I'll begin by admitting that my problem is most likely the result of bad design since I can't find anything about this elsewhere. That said, let's get dirty.
I have an Activities table and an ActivitySegments table. The activities table looks something like:
activityid (ident) | actdate (datetime) | actduration (datetime) | ticketnumber (numeric) |
ActivitySegments looks something like
segmentid (ident) | ticketid (numeric) | activityid (numeric) | startdate | starttime | enddate | endtime
This is a time tracking function of an intranet. The "old way" of doing things is just using the activity table. They want to be able to track individual segments of work throughout the day with a start/stop mechanism and have them roll up into records in the activities table. The use case is the user should be able to select any/all segments that they've worked on that day and have them be grouped by ticketid and inserted into the activity table. I have that working. I'm sending a string of comma separated values that correspond to segmentids to a sproc that puts them in a temp table. So I have the above two tables and a temp table with one column of relevant segmentids. Can't they all just get along?

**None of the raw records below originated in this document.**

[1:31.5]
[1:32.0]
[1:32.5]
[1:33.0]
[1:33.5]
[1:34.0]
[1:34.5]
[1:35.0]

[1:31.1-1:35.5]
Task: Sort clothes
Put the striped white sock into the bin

What I need is to take these passed activitysegment Ids, group them by ticket number and sum the duration worked on each ticket (I already have the sql for that). Then insert this dataset into the activities table BUT also get the new activityid ##identity and update the activitiessegments table with the appropriate value.

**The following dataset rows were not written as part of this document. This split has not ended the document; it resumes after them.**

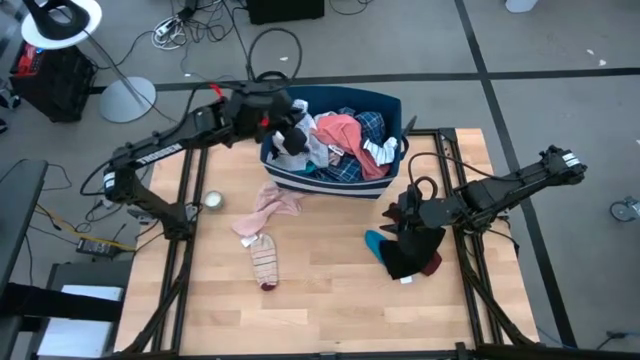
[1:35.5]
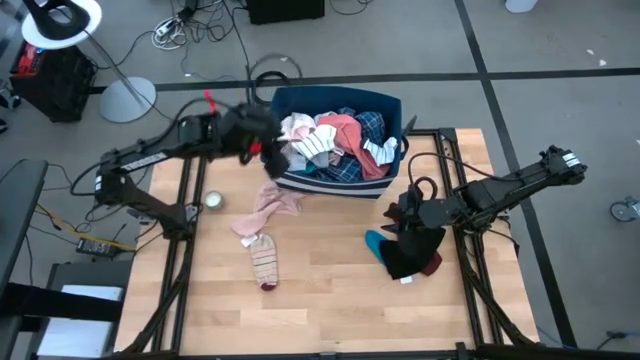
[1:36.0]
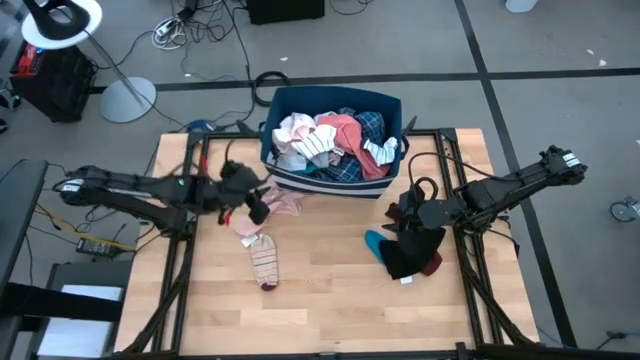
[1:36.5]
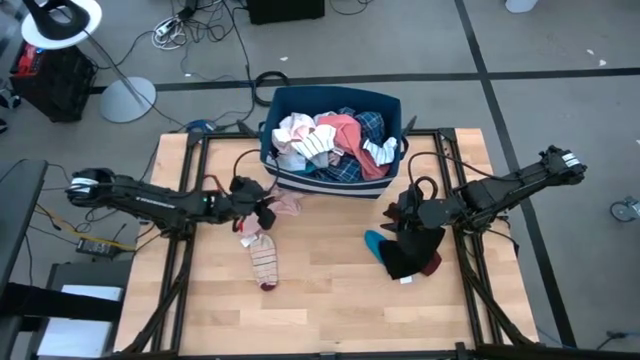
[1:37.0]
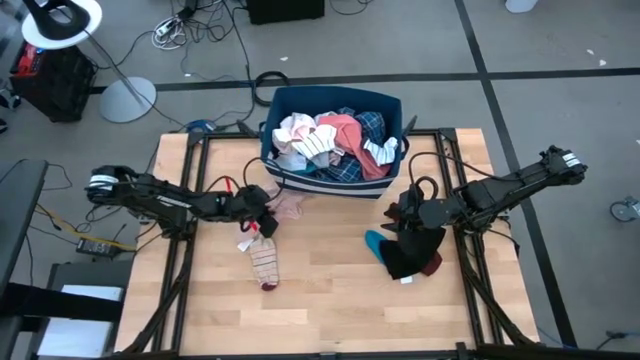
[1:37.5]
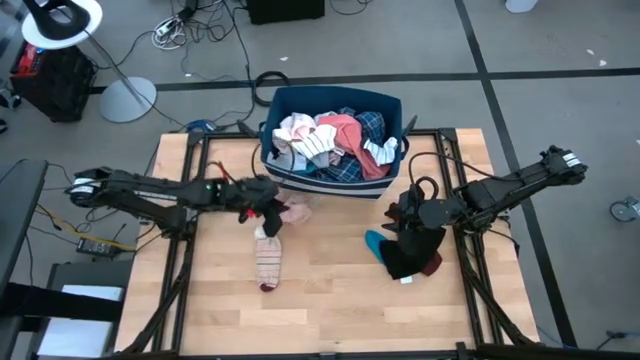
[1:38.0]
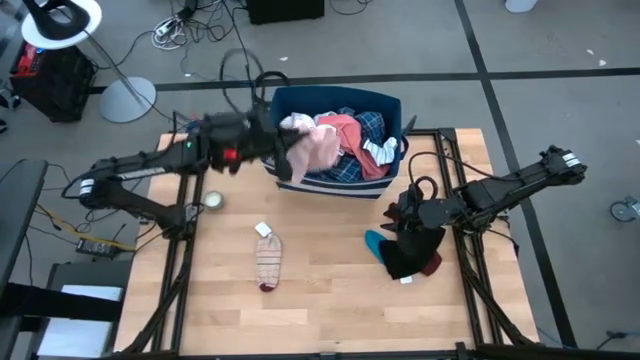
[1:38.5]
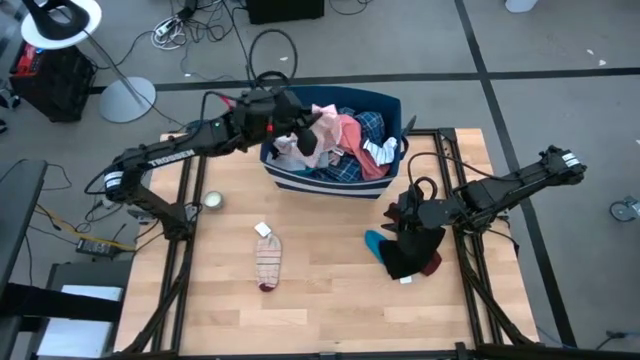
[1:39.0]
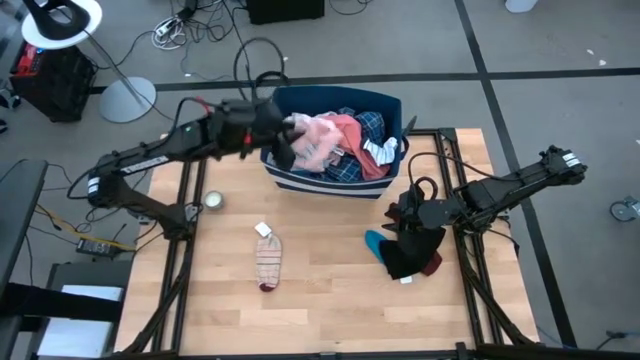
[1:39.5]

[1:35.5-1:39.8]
Put the pink scarf into the blue bin

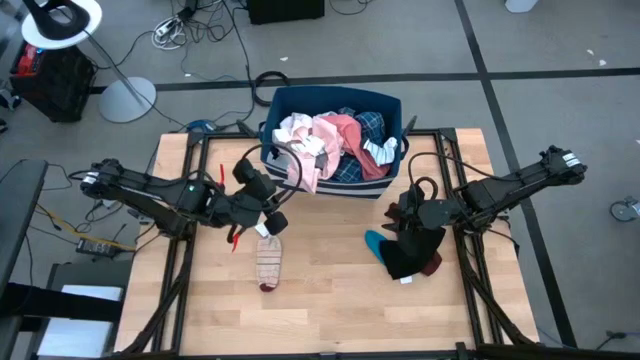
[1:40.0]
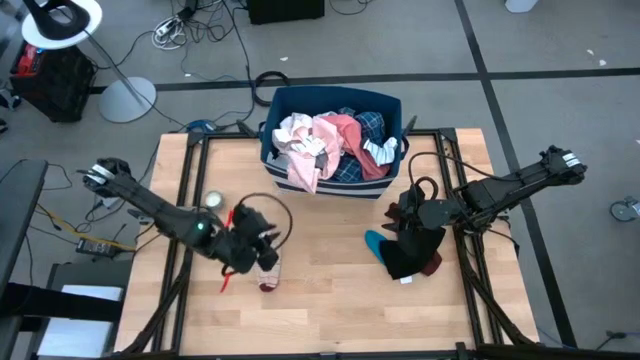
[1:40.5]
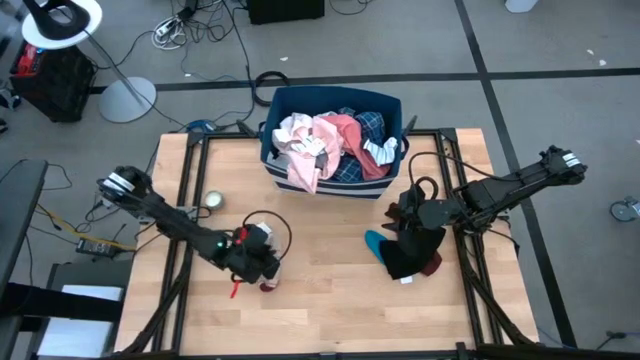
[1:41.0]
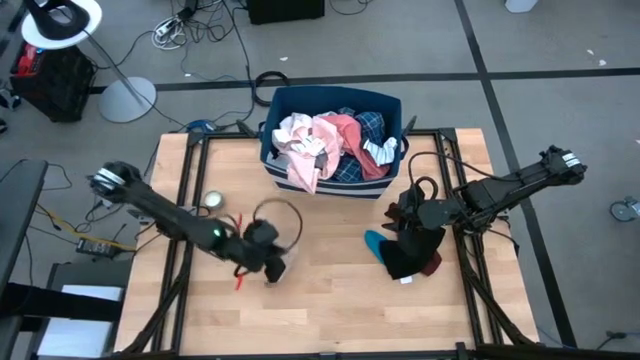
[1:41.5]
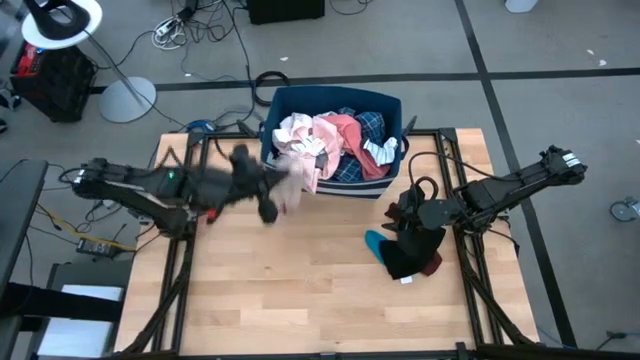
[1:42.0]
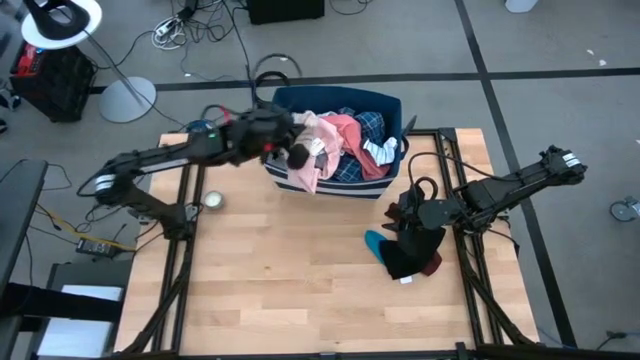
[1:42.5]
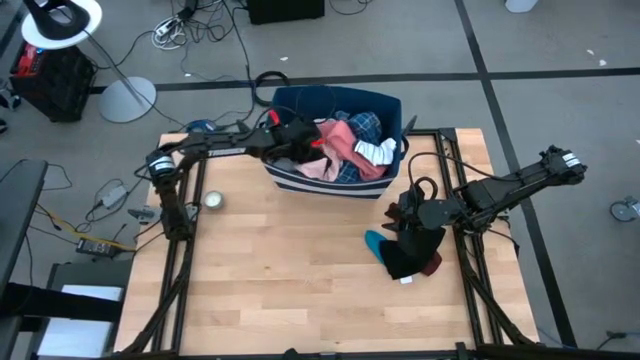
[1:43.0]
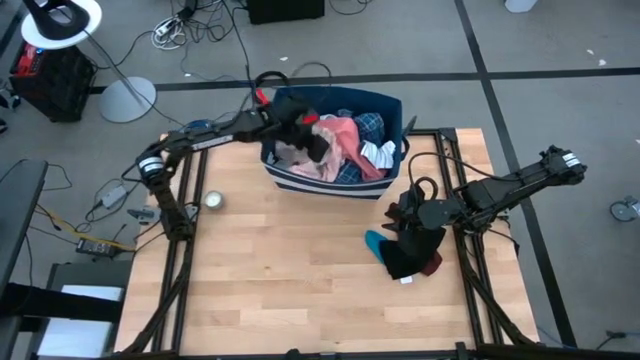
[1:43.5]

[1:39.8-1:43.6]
Put the striped light pink sock into the blue bin

In procedural programming I'd for loop the insert, get the ##identity and do something else to figure out which segmentids went into creating that activityid. I'm pretty sure I'm thinking about this all wrong, but the deadline approaches and I've been staring at SQL management studio for two days, wasted sheets of paper and burned through way too many cigarettes. I see SQL for Smarties in my near future, until then, can someone help me?
try this approach:
declare #x table (tableID int not null primary key identity (1,1), datavalue varchar(10) null)
INSERT INTO #x values ('one')
INSERT INTO #x values ('aaaa')
INSERT INTO #x values ('cccc')
declare #y table (tableID int not null primary key , datavalue varchar(10) null)

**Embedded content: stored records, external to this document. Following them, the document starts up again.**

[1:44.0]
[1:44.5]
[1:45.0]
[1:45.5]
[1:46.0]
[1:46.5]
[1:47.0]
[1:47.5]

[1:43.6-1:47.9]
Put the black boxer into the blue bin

declare #count int ---------------FROM HERE, see comment
set #count=5;
WITH hier(cnt) AS
(
SELECT 1 AS cnt
UNION ALL
SELECT cnt + 1
FROM hier
WHERE cnt < #count
) -----------------------To HERE, see comment
INSERT INTO #x
(datavalue)
OUTPUT INSERTED.tableID, INSERTED.datavalue
INTO #y
SELECT
'value='+CONVERT(varchar(5),h.cnt)
FROM hier h
ORDER BY cnt DESC
select '#x',* from #x --table you just inserted into
select '#y',* from #y --captured data, including identity
here is output of the SELECTs
tableID datavalue
---- ----------- ----------
#x 1 one
#x 2 aaaa
#x 3 cccc
#x 4 value=5
#x 5 value=4
#x 6 value=3
#x 7 value=2
#x 8 value=1
(8 row(s) affected)
tableID datavalue
---- ----------- ----------
#y 4 value=5
#y 5 value=4
#y 6 value=3
#y 7 value=2
#y 8 value=1
The "FROM HERE" - "TO HERE" is just a fancy way to create a table to join to, you can use your own table to join to there...
use #y to process your updates, update from and join it in...
It can be tricky to implement the case of (1) do an insert of ranges and (2) use the identity values generated by them.
One approach is to have some kind of tracking column on the table that generates the Id. So for example add a TransactionGUID (uniqueidentifier) or something to the table that generates the identity you want to capture. When you do insert the rowset to this table you specify a given GUID and can then harvest the set of identity values after the insert completes.
The other common approach is just to to it iteratively like you mentioned.
Probably there is a better way to architect what you want to do, but if you must use your current approach (and if I understand correctly what it is you are doing) then adding the TransactionGUID may be the easiest fix.